A FEW years ago, it seems, a tree grew, but even that no longer marks the spot, where stood of old the famous PAUL'S CROSS, towards the eastern extremity of the vacant space on the north side of the Cathedral. The greater part of this space appears to have been a burying-ground, and no doubt the chief one belonging to the City, from the most ancient times-from the erection of the first sacred edifice, whether Christian church or heathen temple, on the mount now crowned by St. Paul's, or possibly from the origin of London itself. Sir Christopher Wren, who dug deep into all parts of the ground in laying the foundations of the present cathedral, discovered no indications to confirm the tradition that the site had been originally occupied by a temple of Jupiter or Diana: the precious fragments of bucks' horns, ox-heads, and boars' tusks, that had so charmed the antiquaries, had all disappeared, or become transmuted, like fairy coin, into much more worthless ware-into bits of wood and shreds of pottery. But he found under the choir of the old building a presbyterium, or semicircular chancel, of Roman architecture-a structure of Kentish rubble-stone, cemented with their inimitable mortar-which proved that the first Christian church had been the work of the Roman colonists; and he also clearly ascertained that the northern part of the churchyard had been a depository for the dead from the Roman and British times. Layer upon layer, there they lay-and still lie-the successive possessors of the land; uppermost, the graves of later generations; next under them, our Saxon forefathers from the days of Ethelbert and St. Austin, some more honourably and securely entombed within sarcophagi formed of great upright and horizontal flags, most embedded in cavities lined with chalk-stones-in either ease the one enclosure serving for both grave and coffin; then, the Britons of the period between the departure of the Romans and the establishment of the Saxons, their dust mixed with great numbers of ivory and box-wood pins, about six inches long, the fastenings apparently of the now mouldered shrouds in which the bodies had once been wrapped; and, lowest of all, eighteen feet or more below the surface, other remains such as these last, but interspersed with fragments of Roman urns, revealing the burial-place of "the colony when Romans and Britons lived and died together."

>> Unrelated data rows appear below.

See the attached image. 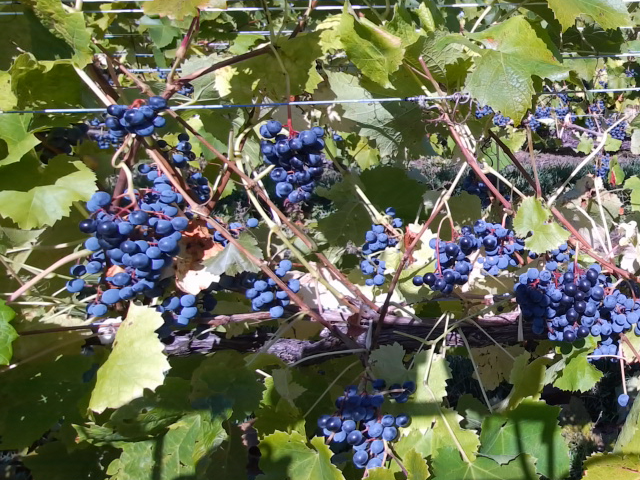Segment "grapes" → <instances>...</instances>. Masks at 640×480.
I'll use <instances>...</instances> for the list:
<instances>
[{
    "mask_svg": "<svg viewBox=\"0 0 640 480\" xmlns=\"http://www.w3.org/2000/svg\"><path fill=\"white\" fill-rule=\"evenodd\" d=\"M195 295H182L178 297H168L163 300V305L157 307V311L164 313L166 310L173 311L178 310L177 319L173 322L175 327H186L189 322V318H193L198 312L196 306Z\"/></svg>",
    "mask_w": 640,
    "mask_h": 480,
    "instance_id": "e5b3c951",
    "label": "grapes"
},
{
    "mask_svg": "<svg viewBox=\"0 0 640 480\" xmlns=\"http://www.w3.org/2000/svg\"><path fill=\"white\" fill-rule=\"evenodd\" d=\"M371 261L379 267L375 269V267L370 265V262L366 260L360 262L361 273L363 275H373V278L365 279L364 284L366 286H383L385 284V277L382 274L387 269V263L377 259L376 257H372Z\"/></svg>",
    "mask_w": 640,
    "mask_h": 480,
    "instance_id": "ef6de9ee",
    "label": "grapes"
},
{
    "mask_svg": "<svg viewBox=\"0 0 640 480\" xmlns=\"http://www.w3.org/2000/svg\"><path fill=\"white\" fill-rule=\"evenodd\" d=\"M364 239L367 242L361 248L364 255H370L373 251L384 250L386 247L394 246L398 243L397 238H389L382 224H371L370 230H367L364 235Z\"/></svg>",
    "mask_w": 640,
    "mask_h": 480,
    "instance_id": "2adb6a1f",
    "label": "grapes"
},
{
    "mask_svg": "<svg viewBox=\"0 0 640 480\" xmlns=\"http://www.w3.org/2000/svg\"><path fill=\"white\" fill-rule=\"evenodd\" d=\"M190 179L194 182H197V184L199 185V190L201 192H206L208 190V179L206 177H203L201 173L192 172L190 174Z\"/></svg>",
    "mask_w": 640,
    "mask_h": 480,
    "instance_id": "54f908b8",
    "label": "grapes"
},
{
    "mask_svg": "<svg viewBox=\"0 0 640 480\" xmlns=\"http://www.w3.org/2000/svg\"><path fill=\"white\" fill-rule=\"evenodd\" d=\"M166 100L163 97L150 96L147 105L139 109H129L127 105L110 104L105 120L108 132L113 137H127L129 133H136L141 137H150L156 127L166 123L164 116H157L156 109H164Z\"/></svg>",
    "mask_w": 640,
    "mask_h": 480,
    "instance_id": "5460f4e3",
    "label": "grapes"
},
{
    "mask_svg": "<svg viewBox=\"0 0 640 480\" xmlns=\"http://www.w3.org/2000/svg\"><path fill=\"white\" fill-rule=\"evenodd\" d=\"M569 248L563 243L559 249L551 250L553 260L545 262V269L529 268L526 274L519 276V282L513 285V291L522 294L530 283L537 278L540 292H545L539 303L546 307V315L552 319L546 323L547 337L550 341H575L585 338L590 333L593 336L603 335L600 344L596 346L591 356H609L617 353V344L613 341V333L628 331L636 325L634 335L640 337V299H629L620 290L612 295L605 294L612 284L605 274H601V266L593 263L579 278L573 273L576 266L574 261L568 263L567 270L557 280L551 279L553 271L558 270V262L569 260L563 252ZM565 305L568 312L562 316L558 306Z\"/></svg>",
    "mask_w": 640,
    "mask_h": 480,
    "instance_id": "b958b902",
    "label": "grapes"
},
{
    "mask_svg": "<svg viewBox=\"0 0 640 480\" xmlns=\"http://www.w3.org/2000/svg\"><path fill=\"white\" fill-rule=\"evenodd\" d=\"M245 281L253 284L252 289H246L244 291L245 297L252 301L251 309L253 311H261L266 307V304L274 302L277 299L281 305L271 306L269 308V314L273 320L280 319L285 313L286 307L291 304V300L280 289L275 292V295L272 291H266L269 287L276 285L274 281L268 277L262 279L255 272H249L245 276Z\"/></svg>",
    "mask_w": 640,
    "mask_h": 480,
    "instance_id": "83cd7487",
    "label": "grapes"
},
{
    "mask_svg": "<svg viewBox=\"0 0 640 480\" xmlns=\"http://www.w3.org/2000/svg\"><path fill=\"white\" fill-rule=\"evenodd\" d=\"M439 265L441 273L427 272L412 279L414 286L427 284L433 290L451 294L453 286H463L469 281V272L473 265L466 259L484 245L486 260L477 259L483 264L480 274L483 277L497 276L499 269H508L519 264L513 253L524 249V240L516 237L514 230L505 229L501 223L478 219L472 226L464 225L457 242L446 243L439 240Z\"/></svg>",
    "mask_w": 640,
    "mask_h": 480,
    "instance_id": "0513c4c2",
    "label": "grapes"
},
{
    "mask_svg": "<svg viewBox=\"0 0 640 480\" xmlns=\"http://www.w3.org/2000/svg\"><path fill=\"white\" fill-rule=\"evenodd\" d=\"M139 170L146 176V181L152 186L144 198L138 201L142 211H132L128 220L116 219L106 212H98L92 218L83 219L79 224L82 233L95 236L84 241V250L92 252L85 265H74L69 268L71 275H95L103 272L105 266L122 265L127 271L118 272L106 278L108 285L123 286L121 289H106L101 295L100 302H89L86 312L95 317H103L108 312V306L114 302L131 300L135 294L144 289H153L156 280L161 275V269L172 266V257L179 252V241L182 234L191 227V219L186 216H176L178 208L184 199L174 192L168 182L155 166L141 163ZM159 212L170 221L151 216L148 212ZM151 228L156 237V247H150L144 240L127 241L126 236L133 233V229Z\"/></svg>",
    "mask_w": 640,
    "mask_h": 480,
    "instance_id": "01657485",
    "label": "grapes"
},
{
    "mask_svg": "<svg viewBox=\"0 0 640 480\" xmlns=\"http://www.w3.org/2000/svg\"><path fill=\"white\" fill-rule=\"evenodd\" d=\"M282 124L277 120L267 121L258 128V133L265 138H273L274 144L269 140L260 142L263 160L267 165H276L269 170V178L276 183L273 186L274 194L279 199H288L293 204H299L301 200H310L312 190L317 187V181L313 176H320L323 167L320 156L315 154L324 147L321 138L325 131L321 127H313L302 130L297 138H287L278 133ZM306 152V163L301 160V150Z\"/></svg>",
    "mask_w": 640,
    "mask_h": 480,
    "instance_id": "f8a65327",
    "label": "grapes"
},
{
    "mask_svg": "<svg viewBox=\"0 0 640 480\" xmlns=\"http://www.w3.org/2000/svg\"><path fill=\"white\" fill-rule=\"evenodd\" d=\"M385 401L383 394L363 395L358 392L356 384L345 387L343 397L335 400V406L342 410V415L333 417L324 414L317 419V425L322 430L324 437H330L335 445H341L345 440L354 448L353 463L357 469L372 470L380 467L384 461V444L379 439H374L370 445L368 438L361 431L355 429L356 423L364 421L369 427L366 435L370 438L382 437L385 441H393L397 436L396 427H404L410 421L406 413H399L396 417L392 413H386L380 423L377 422L376 410Z\"/></svg>",
    "mask_w": 640,
    "mask_h": 480,
    "instance_id": "84f90ec7",
    "label": "grapes"
},
{
    "mask_svg": "<svg viewBox=\"0 0 640 480\" xmlns=\"http://www.w3.org/2000/svg\"><path fill=\"white\" fill-rule=\"evenodd\" d=\"M214 239L216 241L221 242L223 247H226L229 244V241L226 238L222 237V234L219 231H214L213 232L212 240H214Z\"/></svg>",
    "mask_w": 640,
    "mask_h": 480,
    "instance_id": "91a60905",
    "label": "grapes"
},
{
    "mask_svg": "<svg viewBox=\"0 0 640 480\" xmlns=\"http://www.w3.org/2000/svg\"><path fill=\"white\" fill-rule=\"evenodd\" d=\"M402 388L404 392H393L391 394V397L395 399L398 404H404L409 399V395H412L415 391V384L412 381L405 380Z\"/></svg>",
    "mask_w": 640,
    "mask_h": 480,
    "instance_id": "1ff8f66d",
    "label": "grapes"
}]
</instances>

The first cathedral was erected in the beginning of the sixth century, although the disturbed state of the country, and the unsettled standing of the faith itself, did not at first permit much expenditure of time or money in its adornment. Erkenwald, the son of King Offa, the fourth bishop from Melitus, was the first to supply the deficiencies. He not only procured privileges from the reigning kings of England, and from the Pope, but spent a considerable portion of his own estate in adding to the funds provided for the improvement of the fabric. Among other and subsequent benefactors may be enumerated Kenred, King of the Mercians; Athelstan, who endowed it with numerous lordships; Edgar and his Queen, Ethelred; Canute, and the pious Confessor. Then came the Conquest; and during the short struggle that preceded William's coronation as King of England, rude hands laid hold of some of its possessions; but the politic Norman had not come to war with the Church; so St. Paul's had everything restored, and received at the same time a charter from the hands

of the King, dated the very day of his coronation, conferring the whole of its property to it in perpetuity. The Conqueror added his benedictions to all who should augment the revenues, and his curses on those who should diminish them.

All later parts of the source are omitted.